As described above, the method for manufacturing a castable block according to the present invention is free from ubiquitous or loss of carbon particles during degassing, and is uniformly distributed with antioxidants around the carbon particles, thereby providing excellent oxidation and corrosion resistance. It is a useful invention having the effect of providing a castable block and providing a castable block which can be suitably used as an internal refractory material for industrial urinary furnaces such as steelmaking and cement.

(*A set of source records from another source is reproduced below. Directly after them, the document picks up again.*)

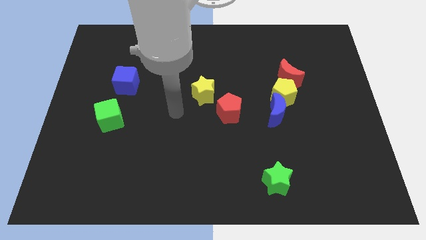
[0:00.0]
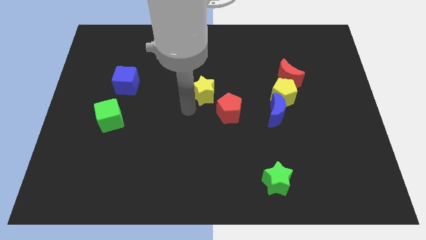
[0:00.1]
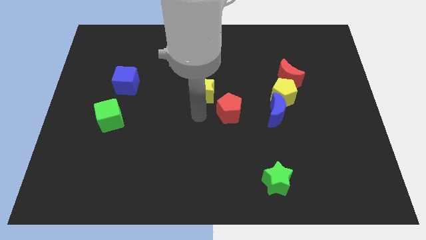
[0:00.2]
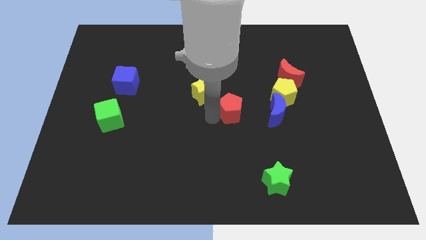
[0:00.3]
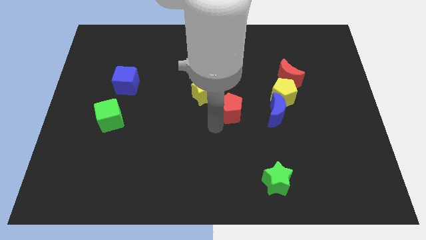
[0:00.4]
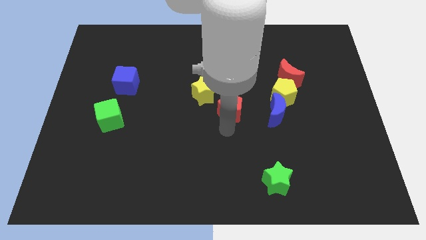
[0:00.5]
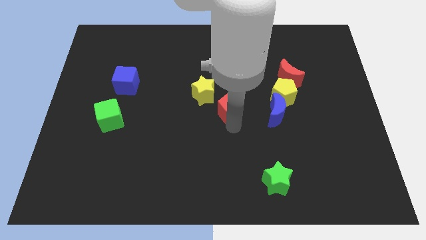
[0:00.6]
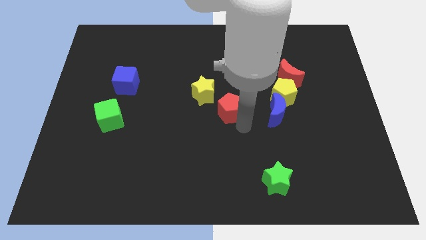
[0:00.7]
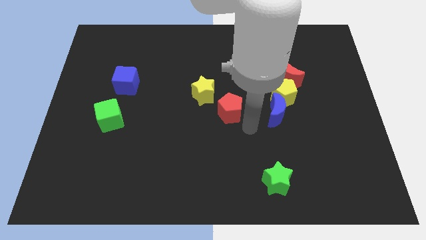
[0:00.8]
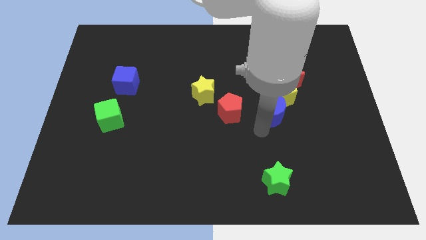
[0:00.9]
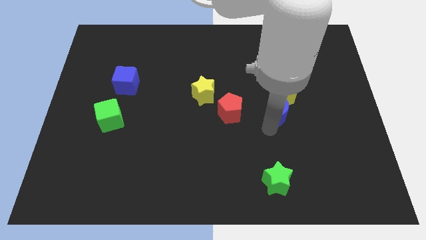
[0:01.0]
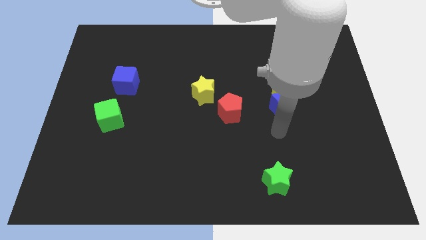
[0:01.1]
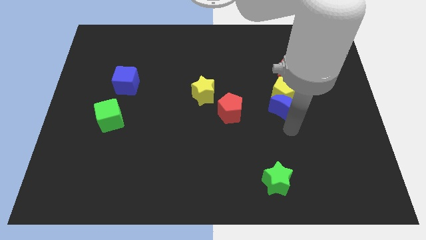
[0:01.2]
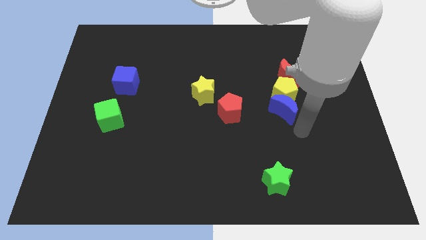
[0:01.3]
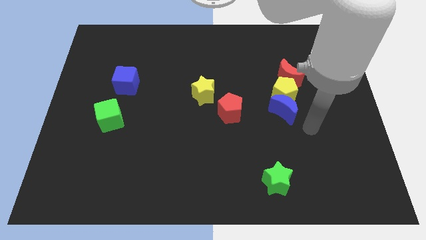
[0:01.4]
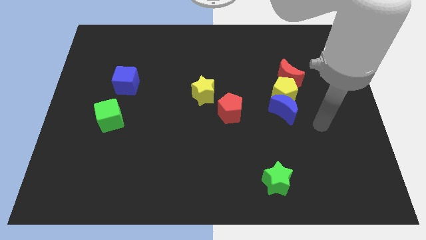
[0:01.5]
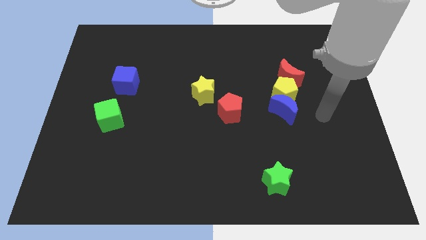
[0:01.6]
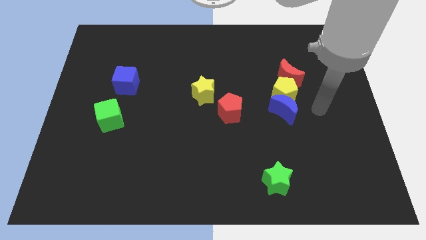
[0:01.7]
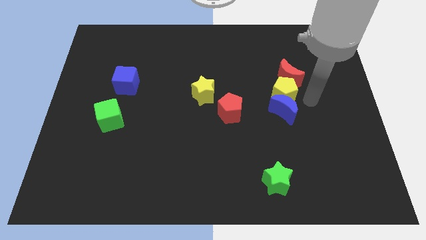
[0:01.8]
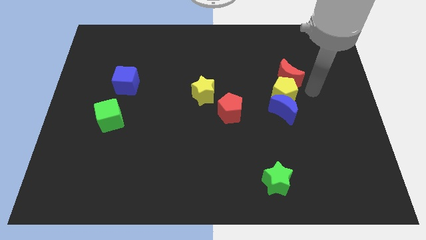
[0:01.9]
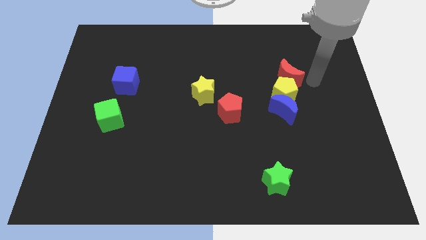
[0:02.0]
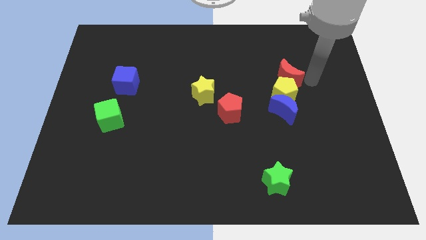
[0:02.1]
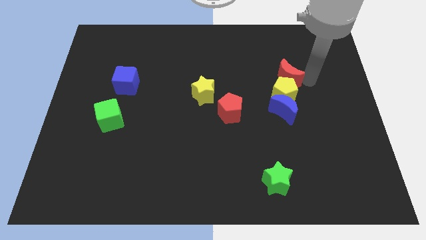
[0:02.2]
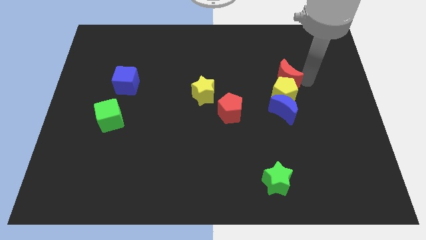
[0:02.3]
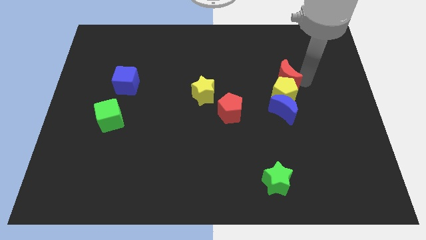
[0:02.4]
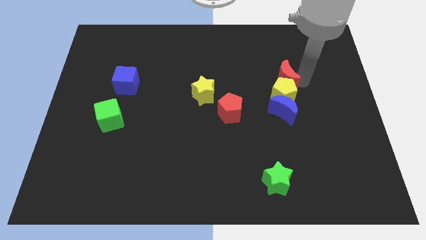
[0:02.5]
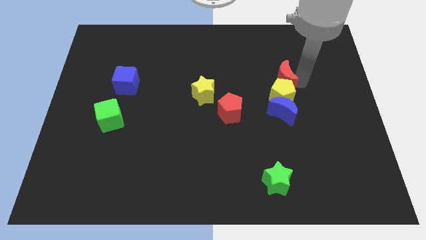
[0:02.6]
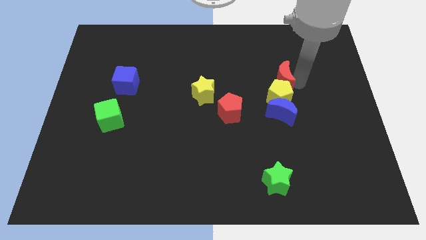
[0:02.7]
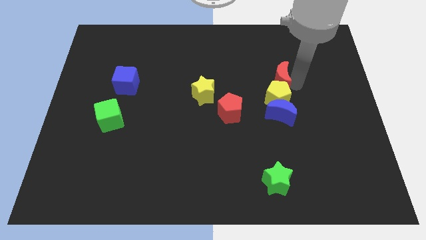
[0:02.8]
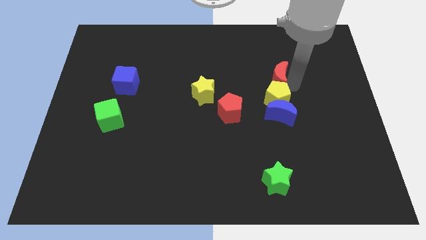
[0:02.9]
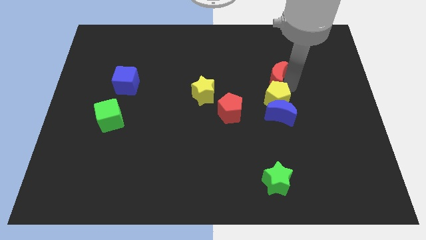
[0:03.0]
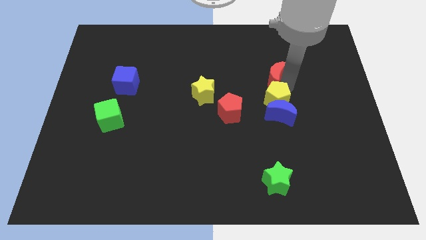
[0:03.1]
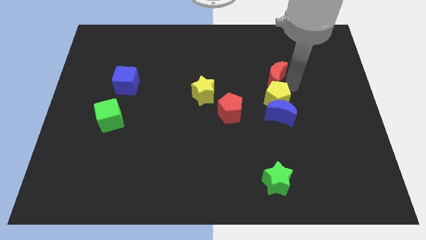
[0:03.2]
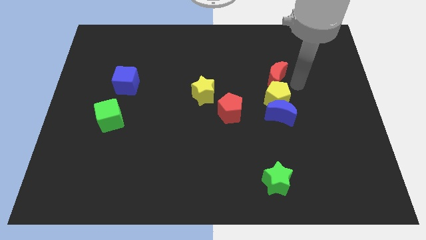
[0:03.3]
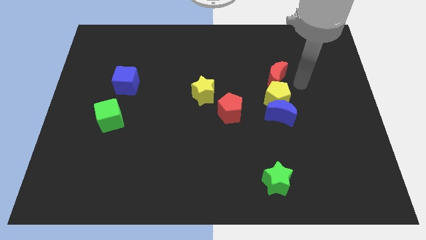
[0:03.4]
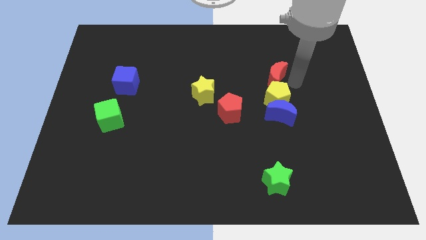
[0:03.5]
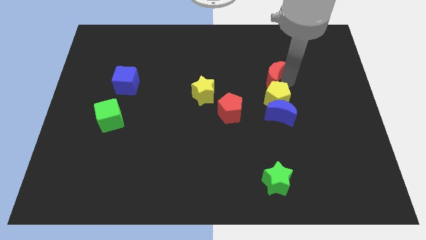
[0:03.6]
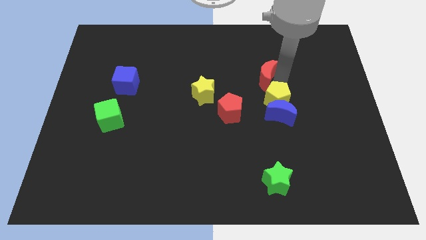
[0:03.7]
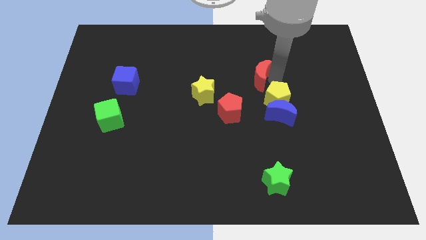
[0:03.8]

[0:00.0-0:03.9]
slightly push the red moon to the left

While the invention has been described in detail above with reference to the described embodiments, it will be apparent to those skilled in the art that various modifications and variations are possible within the scope and spirit of the invention, and such modifications and variations fall within the scope of the appended claims. It is also natural.

Claims (4)

Preparing a mixed powder in which the oxide powder is first coated with carbon-based particles by strongly mixing an oxide powder having a particle diameter of 0.010 to 0.075 mm and a carbon-based powder having an average particle diameter of 5 to 20 μm with a grinder: Preparing a mixed powder coated secondly with an aqueous solution composed of 10 to 50% by weight of inorganic and 50 to 90% by weight of water; And Degassing and molding the secondary coated mixed powder and refractory aggregate; Method for producing a castable block to improve the oxidation resistance and corrosion resistance, characterized in that comprises a. The method of claim 1, Method for producing a castable block to improve the oxidation resistance and corrosion resistance, characterized in that the grinder is an Attrition Mill (Ball Mill), Ball Mill (Jet Mill) or Jet Mill (Jet Mill). The method of claim 1, Oxidation resistance and corrosion resistance improvement characterized in that the inorganic material is at least one inorganic material selected from the group consisting of aluminum nitrate (Aluminum Nitrate), aluminum sulfate (Aluminum Sulfate), magnesium nitrate (Magnesium Nitrate), and boric acid (Boric acid) Method of manufacturing a castable block to be. Castable block with improved oxidation and corrosion resistance produced by the manufacturing method of claim 1.